Solutions Are the Challenge

Each state—depending on its history, traditions and culture—will have different answers to these questions, and people within the same state will disagree. But if the answer is “no” on any set of questions, this is an area to strengthen.

Once those areas are defined, finding solutions becomes the challenge. Most 21st century problems in legislatures will not be solved by throwing more resources at them or even by structural and procedural changes. The remedies for these ailments are more likely to come through education, training and cultural changes in the institution—all of which may be difficult to bring about.

Legislators, staff, academics and committed citizens need to come together to draw up a new agenda to strengthen legislatures.

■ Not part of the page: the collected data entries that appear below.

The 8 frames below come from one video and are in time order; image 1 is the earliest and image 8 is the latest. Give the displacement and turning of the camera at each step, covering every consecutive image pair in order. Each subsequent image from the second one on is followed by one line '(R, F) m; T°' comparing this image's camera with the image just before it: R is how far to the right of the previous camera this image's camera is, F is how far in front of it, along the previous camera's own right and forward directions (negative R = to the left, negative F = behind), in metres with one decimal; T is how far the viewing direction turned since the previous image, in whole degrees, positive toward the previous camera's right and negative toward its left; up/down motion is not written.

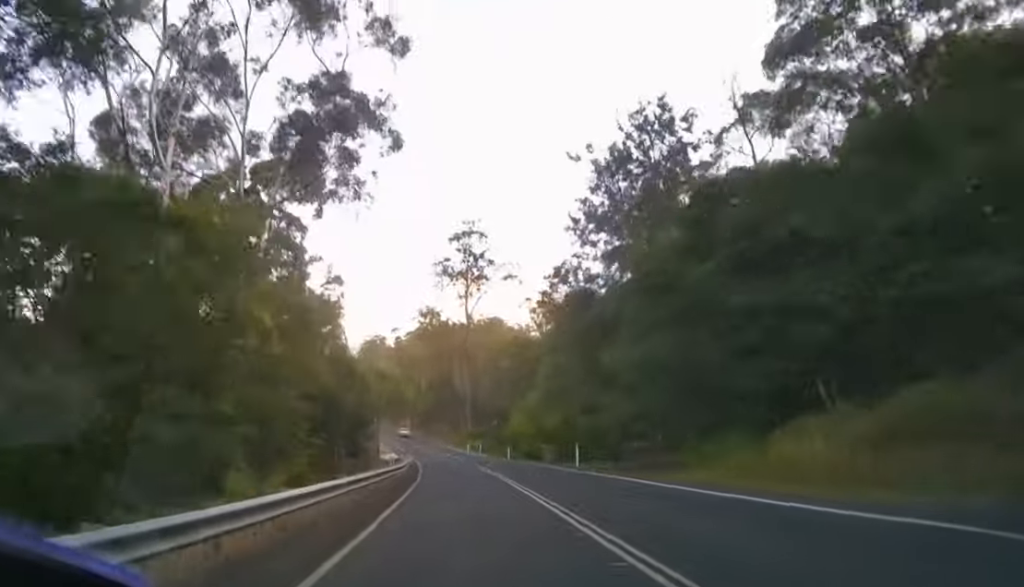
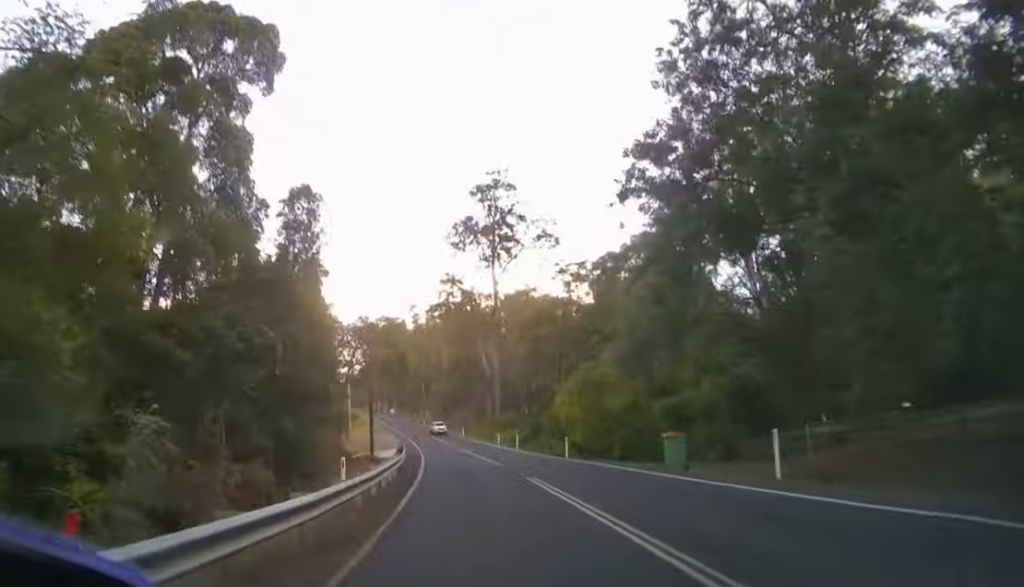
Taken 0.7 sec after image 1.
(-0.2, +13.1) m; -2°
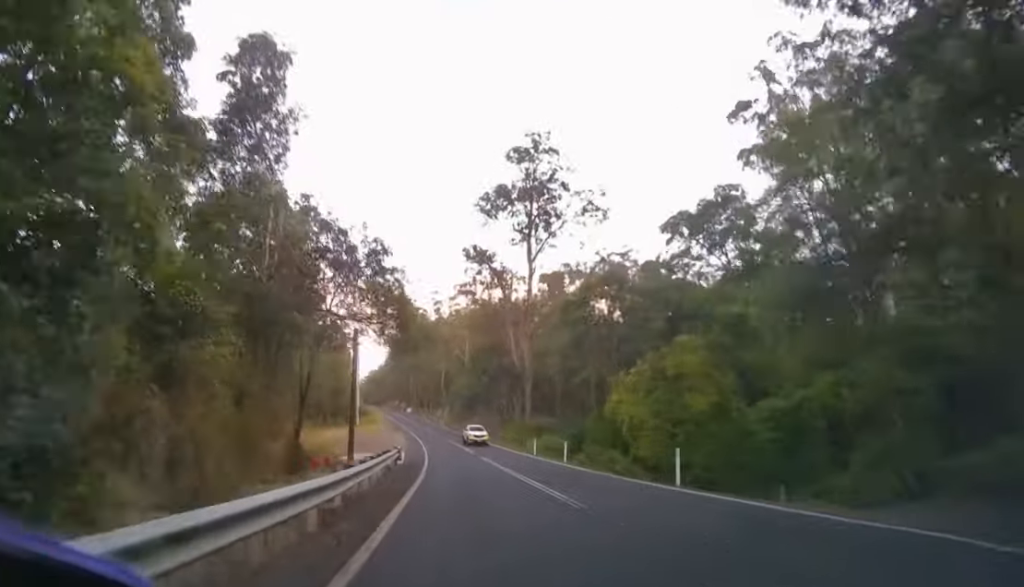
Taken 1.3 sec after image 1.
(0.0, +10.2) m; -1°
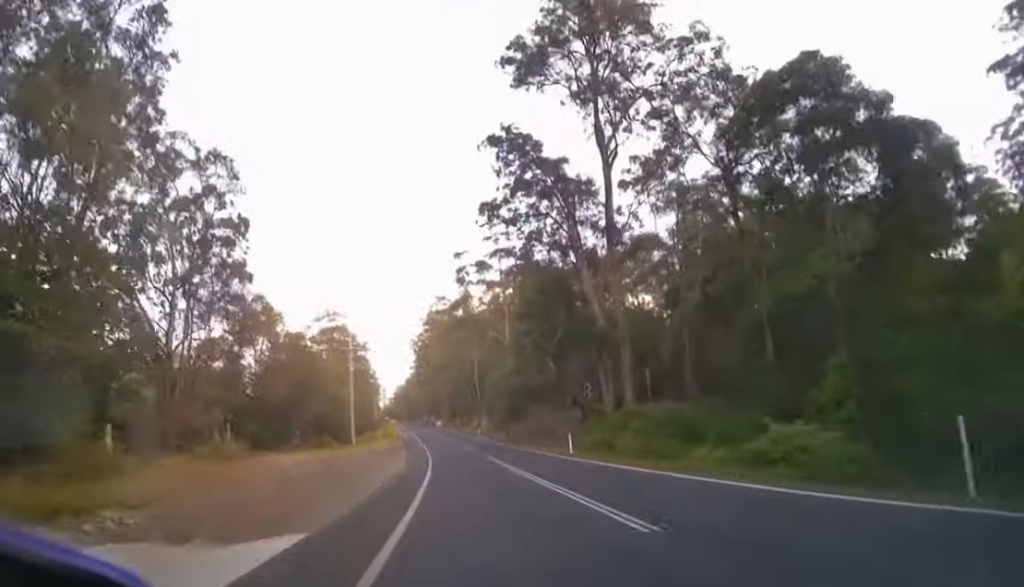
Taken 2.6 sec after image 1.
(-0.8, +26.1) m; -4°
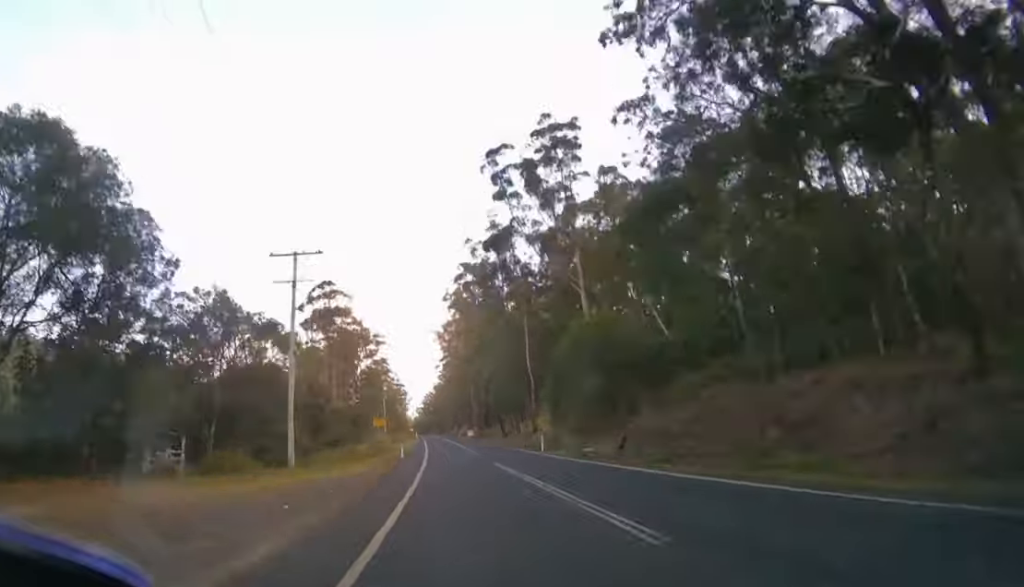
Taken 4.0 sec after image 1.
(-1.2, +29.8) m; -5°
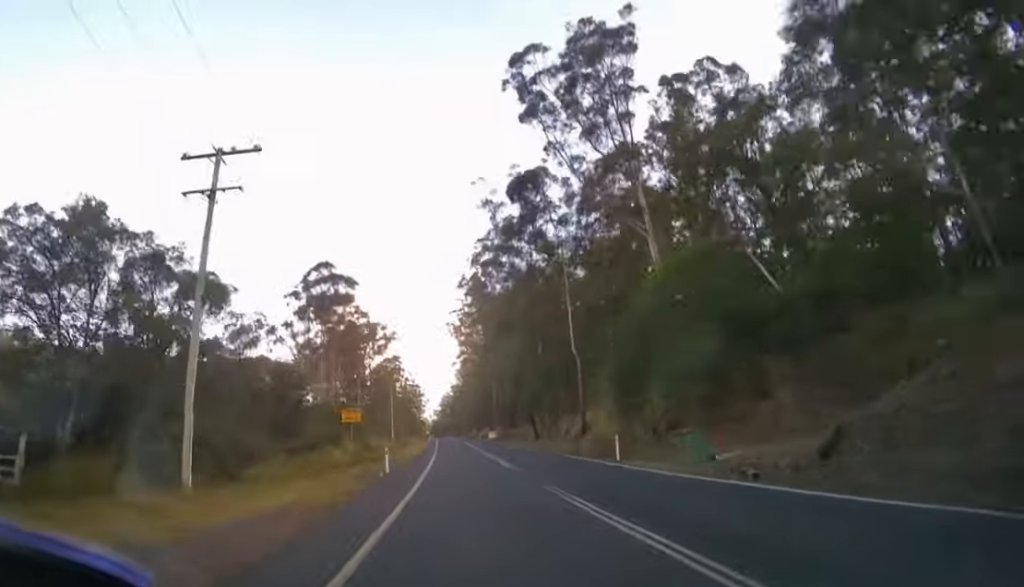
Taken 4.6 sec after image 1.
(-0.2, +13.4) m; -2°
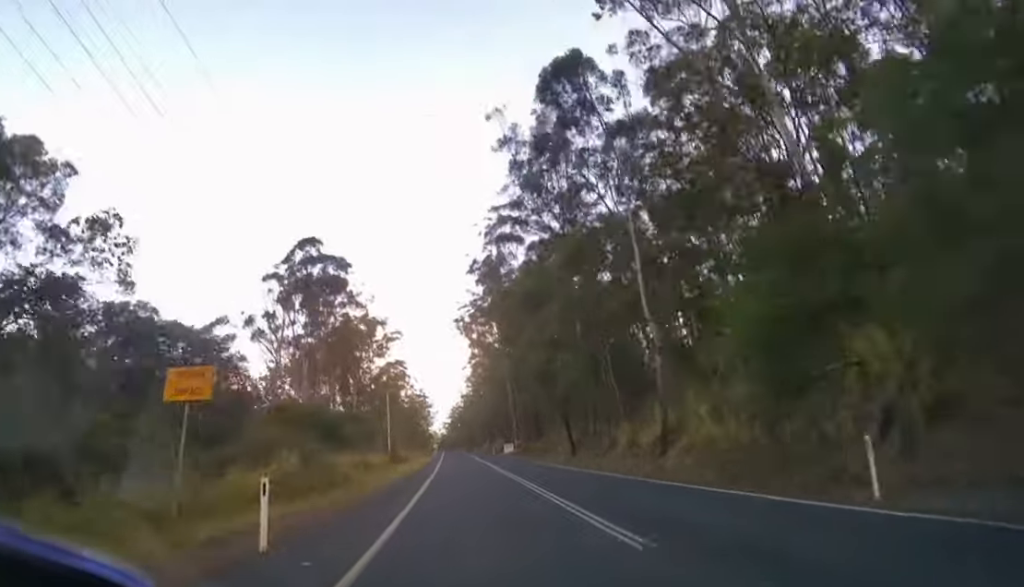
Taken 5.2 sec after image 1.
(-0.2, +13.7) m; -2°
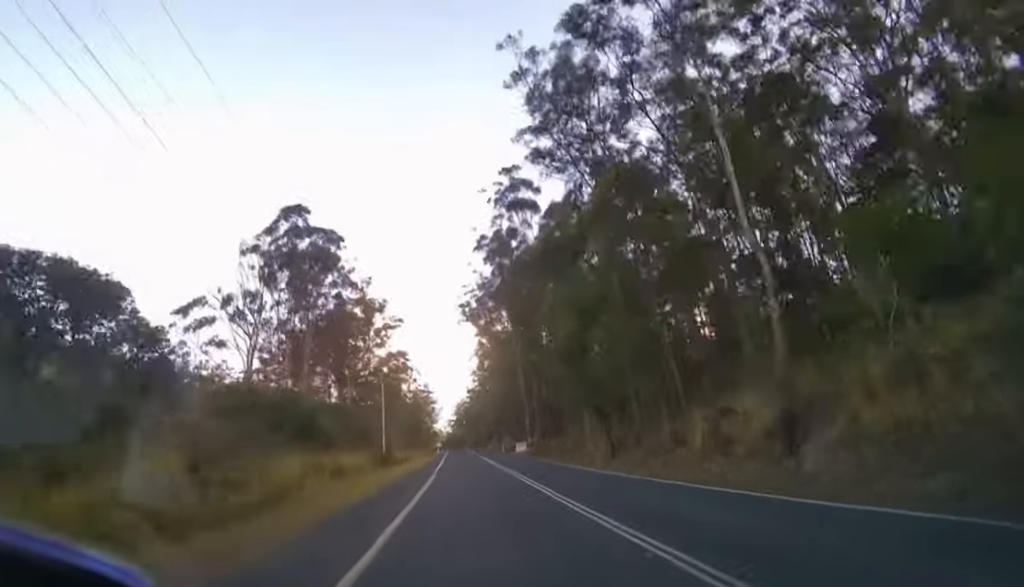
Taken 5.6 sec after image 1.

The reformers of the 1970s had a difficult task of transforming state legislatures into something more than “sometime governments.” But, in retrospect, their task seems easy compared to today’s work of building integrity, will, commitment and trust.

The challenges facing today’s more robust legislatures are even more daunting. But that shouldn’t stop them. They need to find the mechanisms and a spirit similar to those of a previous generation of dedicated people who improved America’s state legislatures.

Karl Kurtz runs NCSL’s Trust for Representative Democracy. Brian Weberg directs NCSL’s Legislative Management program. 

‘The Sometime Governments’

The Citizens Conference on State Legislatures was a private nonprofit organization formed in 1964 to improve state legislatures. With a major grant from the Ford Foundation, it launched a 50-state study of legislatures in 1969 and published “The Sometime Governments: An Evaluation of the 50 American Legislatures” in 1971.

Based on criteria for “functional, accountable, informed, independent and representative” legislatures, the book evaluated state legislatures and ranked them from one to 50. The rankings caused a considerable stir among state lawmakers, and were an effective call to action: No state wanted to remain ranked in the bottom half of the list or to be below its neighbors or rivals.

The book contained both general recommendations for all states and specific recommendations for each legislature. The recommendations focused on such things as the length of the session, number of members, committee organization, facilities and staffing. They were highly prescriptive and specific.

During the study, the Citizens Conference was directed by Larry Margolis, former chief of staff to California Speaker Jesse Unruh, who led the transformation of the California Legislature into a full-time, professional body in the late 1960s. The implicit standard of “The Sometime Governments” was that all legislatures should look like California’s, which, not surprisingly, came out No. 1 in the rankings.